Details of origin of Franciscan melanges are unknown, although subduction is accepted as the controlling process. Some melanges near plate boundaries in Taiwan and Italy are evidently olistostromes. How do Franciscan melanges compare with these? The Lichi melange and units of “argille scagliose” type in the Northern Apennines rest upon normal marine sediments.

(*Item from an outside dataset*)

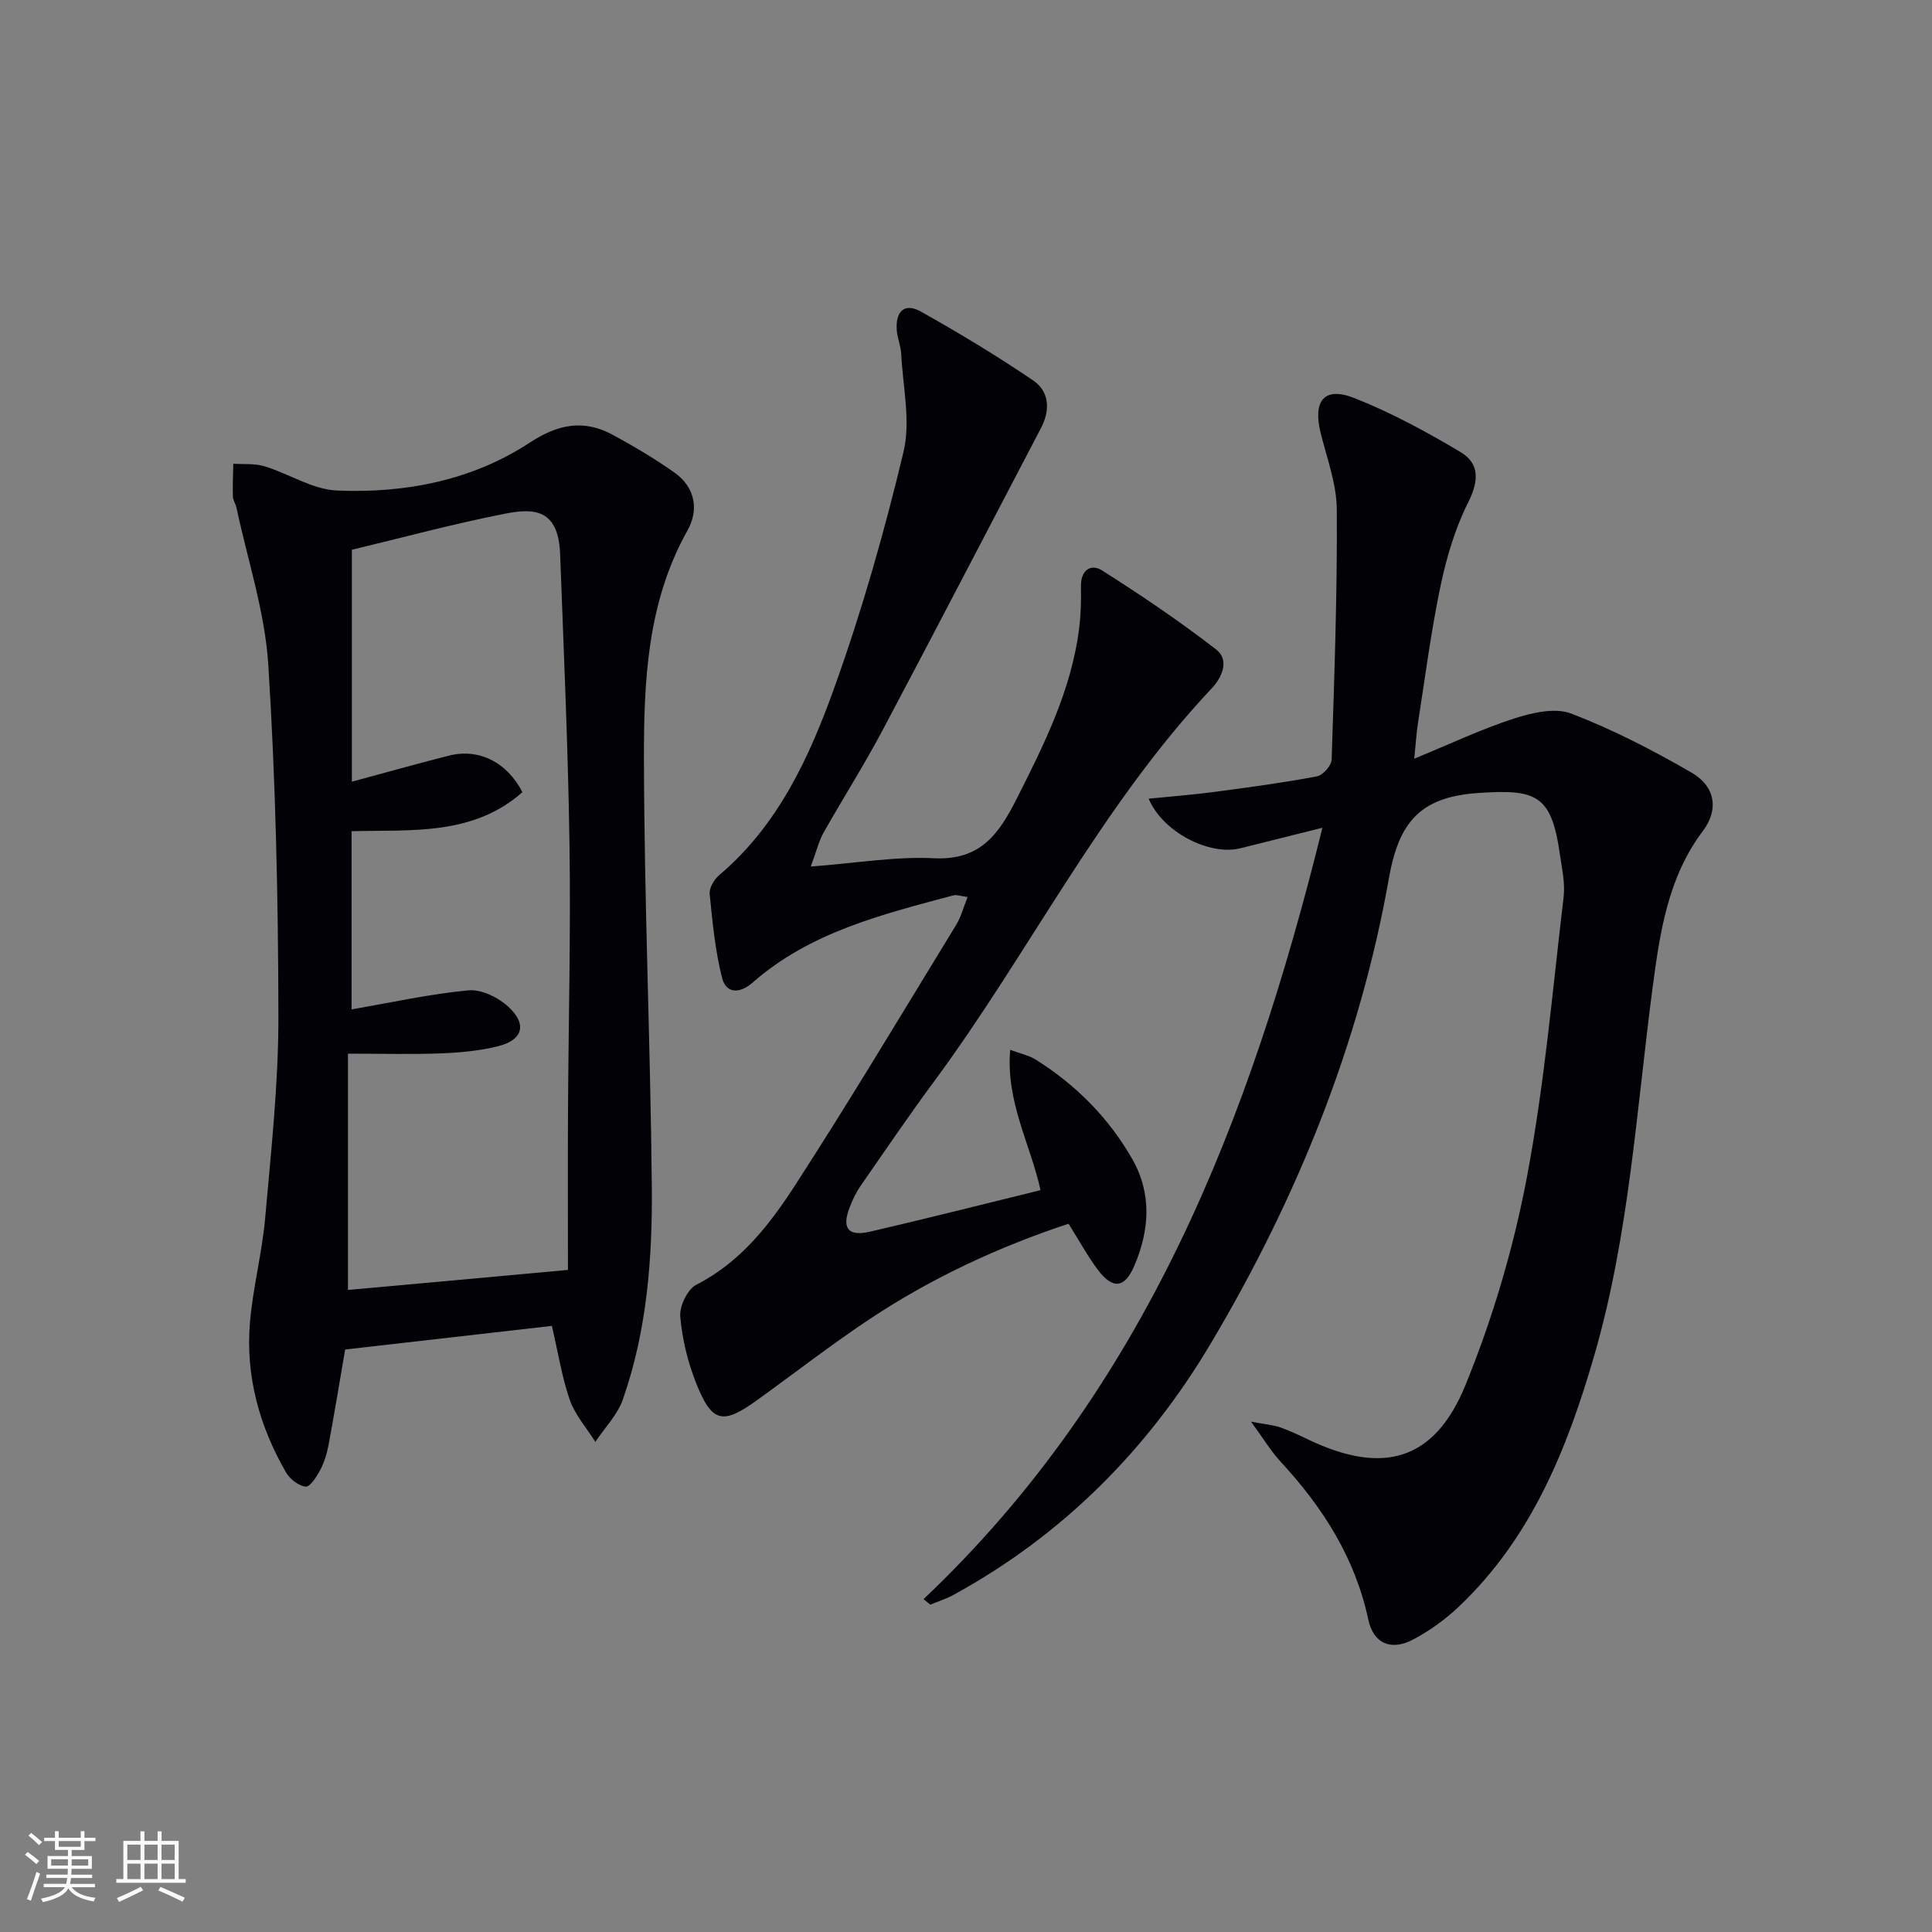<svg enable-background="new 0 0 400 400" viewBox="0 0 400 400" xmlns="http://www.w3.org/2000/svg"><rect x="0" y="0" width="400" height="400" fill="#808080" stroke="none"/><g fill="#010106"><path d="m191.22 331.08c45.79-43.39 67.56-98.89 82.57-159.7-6.61 1.65-11.79 2.95-16.97 4.24-6.45 1.62-16.14-3.39-19-10.26 4.67-.47 9.19-.82 13.68-1.41 7.07-.94 14.14-1.89 21.14-3.21 1.24-.23 3.02-2.22 3.06-3.45.57-17.26 1.18-34.52 1.07-51.78-.03-5.34-2.08-10.7-3.37-16-1.6-6.59.81-9.54 7.01-7.09 7.63 3.01 14.94 6.98 22 11.19 3.93 2.35 3.79 5.97 1.58 10.36-2.7 5.37-4.48 11.36-5.73 17.28-1.98 9.41-3.2 18.98-4.69 28.48-.3 1.91-.41 3.86-.77 7.35 7.6-3.12 14-6.17 20.68-8.32 3.73-1.2 8.49-2.31 11.84-1.02 8.62 3.31 16.92 7.61 24.93 12.24 4.85 2.81 5.67 7.61 2.32 12.05-7.26 9.64-8.9 21.01-10.4 32.32-3.37 25.49-4.86 51.26-12.06 76.16-5.6 19.37-12.99 37.78-27.98 52.04-2.86 2.72-6.18 5.13-9.67 6.95-4.5 2.34-8.11.74-9.16-4.16-2.74-12.81-9.43-23.28-18.17-32.72-1.98-2.14-3.5-4.7-6.12-8.28 3.01.57 4.61.68 6.07 1.19 2.03.71 3.99 1.66 5.94 2.59 15.33 7.28 26 4.33 32.4-11.38 5.6-13.73 9.9-28.24 12.67-42.81 3.65-19.19 5.33-38.76 7.64-58.2.35-2.9-.36-5.95-.78-8.9-1.74-12.27-4.84-13.48-16.93-12.65-12.07.83-16.42 6.1-18.47 17.7-6.07 34.33-19.09 66.34-36.86 96.25-13.05 21.97-30.65 39.69-53.27 52.07-1.52.83-3.21 1.36-4.81 2.03-.46-.37-.93-.76-1.39-1.15z"/><path d="m114.26 274.51c-14.14 1.61-28.41 3.24-42.8 4.89-1.16 6.76-2.23 13.29-3.44 19.78-.33 1.78-.89 3.59-1.73 5.18-.73 1.38-2.12 3.53-3.01 3.43-1.47-.16-3.27-1.57-4.07-2.95-5.52-9.58-8.39-19.95-7.46-31.02.61-7.25 2.51-14.39 3.15-21.64 1.23-13.89 2.76-27.83 2.74-41.75-.04-24.27-.56-48.59-2.09-72.8-.69-10.92-4.28-21.66-6.58-32.48-.17-.8-.72-1.56-.75-2.35-.07-2.26.04-4.53.08-6.79 2.17.15 4.45-.09 6.47.53 5.07 1.55 9.96 4.81 15.02 5.02 14.12.59 27.92-2.07 39.93-9.94 5.84-3.83 11.18-4.84 17.17-1.58 4.36 2.37 8.65 4.91 12.71 7.77 4.32 3.04 5.15 7.72 2.74 12.01-8.35 14.86-9.05 31.22-9.02 47.45.06 29.44 1.35 58.87 1.63 88.31.14 14.95-.99 29.92-6.01 44.2-1.12 3.18-3.75 5.84-5.68 8.74-1.8-2.87-4.17-5.53-5.28-8.65-1.62-4.63-2.37-9.58-3.72-15.36zm3.33-11.59c0-10.81-.05-21.9.01-33 .1-18.31.58-36.63.31-54.94-.29-20.1-1.2-40.18-1.94-60.27-.35-9.35-5.43-9.51-11.28-8.38-10.69 2.08-21.22 4.95-31.84 7.49v48.02c7.06-1.9 13.57-3.75 20.13-5.4 6.09-1.54 11.95 1.29 15.18 7.57-10.23 9.04-22.93 7.77-35.37 8.08v36.89c8.27-1.42 16.19-3.19 24.2-3.94 2.67-.25 6.17 1.47 8.26 3.4 3.96 3.65 2.99 6.92-2.21 8.19-3.83.94-7.86 1.31-11.82 1.46-6.08.23-12.18.06-19.18.06v48.92c14.48-1.3 29.16-2.64 45.55-4.15z"/><path d="m167.86 179.41c9.44-.71 17.54-2.12 25.54-1.72 9.67.48 13.47-5.12 17.18-12.48 5.64-11.18 11.19-22.3 12.82-34.89.38-2.95.46-5.97.4-8.95-.06-3.35 2.08-4.72 4.37-3.27 8.09 5.13 16.04 10.51 23.61 16.36 2.86 2.21 1.19 5.83-.9 8.05-23.01 24.42-37.75 54.66-57.48 81.38-5.24 7.09-10.2 14.38-15.22 21.63-.94 1.35-1.66 2.89-2.26 4.43-1.69 4.35-.34 6.11 4.23 5.05 11.63-2.69 23.2-5.63 35.28-8.59-2.08-9.53-7.21-18.28-6.28-29.05 2.12.79 3.89 1.14 5.32 2.04 8.3 5.23 15.08 12.03 19.95 20.57 4.11 7.21 3.57 14.73.43 22.1-1.99 4.66-4.49 4.92-7.55.83-2.18-2.91-3.93-6.14-6.07-9.54-14.55 4.81-28.34 11.23-41.1 19.69-8.03 5.33-15.65 11.27-23.48 16.9-7.02 5.05-9.24 4.61-12.48-3.48-1.76-4.39-2.92-9.18-3.33-13.88-.19-2.15 1.5-5.67 3.33-6.6 9.2-4.69 15.22-12.5 20.51-20.69 11.46-17.71 22.28-35.84 33.3-53.84.99-1.62 1.47-3.55 2.35-5.74-1.4-.18-2.23-.53-2.92-.35-14.77 3.95-29.68 7.6-41.61 18.08-2.53 2.22-5.44 2.4-6.3-.99-1.43-5.65-1.99-11.55-2.57-17.37-.12-1.24.91-3 1.95-3.88 12.3-10.4 18.76-24.58 23.95-39.09 5.69-15.87 10.32-32.19 14.24-48.6 1.51-6.34-.15-13.46-.48-20.22-.08-1.64-.79-3.24-.92-4.88-.3-3.72 1.42-5.91 5-3.9 7.93 4.45 15.74 9.15 23.25 14.26 3.34 2.28 3.56 6.11 1.61 9.83-10.95 20.89-21.79 41.83-32.84 62.65-3.81 7.18-8.19 14.06-12.19 21.15-.95 1.7-1.4 3.64-2.64 7z"/></g><path d="m5.17 384 .55-.58c.85.61 1.65 1.24 2.4 1.87l-.59.64c-.83-.73-1.62-1.38-2.36-1.93m1.22 9.53-.82-.34c.71-1.76 1.37-3.64 1.98-5.63.24.13.5.25.76.36-.6 1.67-1.24 3.54-1.92 5.61m-.5-13.5.57-.54c.56.44 1.31 1.06 2.26 1.87l-.64.64c-.68-.66-1.41-1.32-2.19-1.97m3.25.46h2.24v-1.36h.77v1.36h4.57v-1.36h.76v1.36h2.28v.69h-2.28v1.84h-2.64v1.26h4.18v2.64h-4.21c0 .45-.02.86-.05 1.21h4.32v.69h-4.38c-.04.34-.1.75-.19 1.22h5.15v.69h-4.82c.87 1.19 2.51 1.92 4.93 2.19-.17.32-.3.57-.37.76-2.77-.49-4.52-1.41-5.26-2.76-.56 1.26-2.3 2.23-5.24 2.9-.12-.24-.26-.48-.43-.72 2.73-.55 4.38-1.34 4.96-2.38h-4.38v-.69h4.65c.1-.38.17-.79.21-1.22h-4.32v-.69h4.4c.03-.34.05-.75.05-1.21h-4.2v-2.64h4.23v-1.26h-2.69v-1.84h-2.24zm1.46 4.46v1.29h3.45c.01-.4.02-.57.01-.53v-.32-.45h-3.46zm1.55-2.59h4.57v-1.19h-4.57zm6.11 2.59h-3.42v.77c-.01.19-.01.37-.02.53h3.44z" fill="#fafafc"/><path d="m32.63 379.16h.82v1.98h3.54v7.89h1.46v.78h-14.37v-.78h1.46v-7.89h3.54v-1.98h.82v1.98h2.73zm-3.49 11.48.5.73c-1.61.82-3.28 1.63-5 2.41-.13-.27-.28-.55-.44-.82 1.75-.72 3.4-1.49 4.94-2.32m-2.78-5.55h2.73v-3.18h-2.73zm0 3.95h2.73v-3.2h-2.73zm3.54-3.95h2.73v-3.18h-2.73zm0 3.95h2.73v-3.2h-2.73zm7.89 4.68c-1.84-.92-3.51-1.7-5.02-2.32l.45-.73c1.89.8 3.57 1.55 5.04 2.23zm-1.62-11.81h-2.73v3.18h2.73zm-2.73 7.13h2.73v-3.2h-2.73z" fill="#fafafc"/></svg>

The time of accumulation was brief, as shown by limiting time brackets. These key types of evidence for olistostrome origin are rare or absent in the Franciscan, but the pervasive shearing would probably have obliterated such evidence.Similarities between the above-cited olistostromes and Franciscan melanges include the following: argillaceous matrix; large and small blocks of sedimentary rocks and ophiolites; phacoidal and joint-block shapes; soft-sediment deformation in some sandstone; rotation of blocks; extreme dispersal of distinctive rocks; reappearance of older rocks at younger levels. Collectively, these similarities suggest that Franciscan melanges were originally assembled by olistostrome accumulation.Differences between presumed olistostromes and the Franciscan include the following, in addition to stratigraphic relations mentioned above. The Lichi melange shows faint original gross layering where shearing is minimal. Franciscan melanges show various compositional units, but shearing allows tectonic explanations. Blueschist metamorphism is rare or absent in olistostromes of Taiwan and the Northern Apennines. It occurs in the Franciscan not only in random blocks, but also as extensive units of schist and phyllite near the structural top of the complex, toward the “hanging wall” (Great Valley sequence). In the structurally lowest levels, only zeolite facies metamorphism is prevalent. Similar generalities apply to ages of rocks at highest and lowest structural levels. The age distribution would be just the opposite if the entire Franciscan were simply an east-dipping pile of olistostromes.It is concluded that neither subduction alone nor olistostromes alone could have produced all the features of Franciscan melanges, but both played an important role. Critical original features of olistostromes have been modified or destroyed by recurrent underthrusting.  相似文献   

8.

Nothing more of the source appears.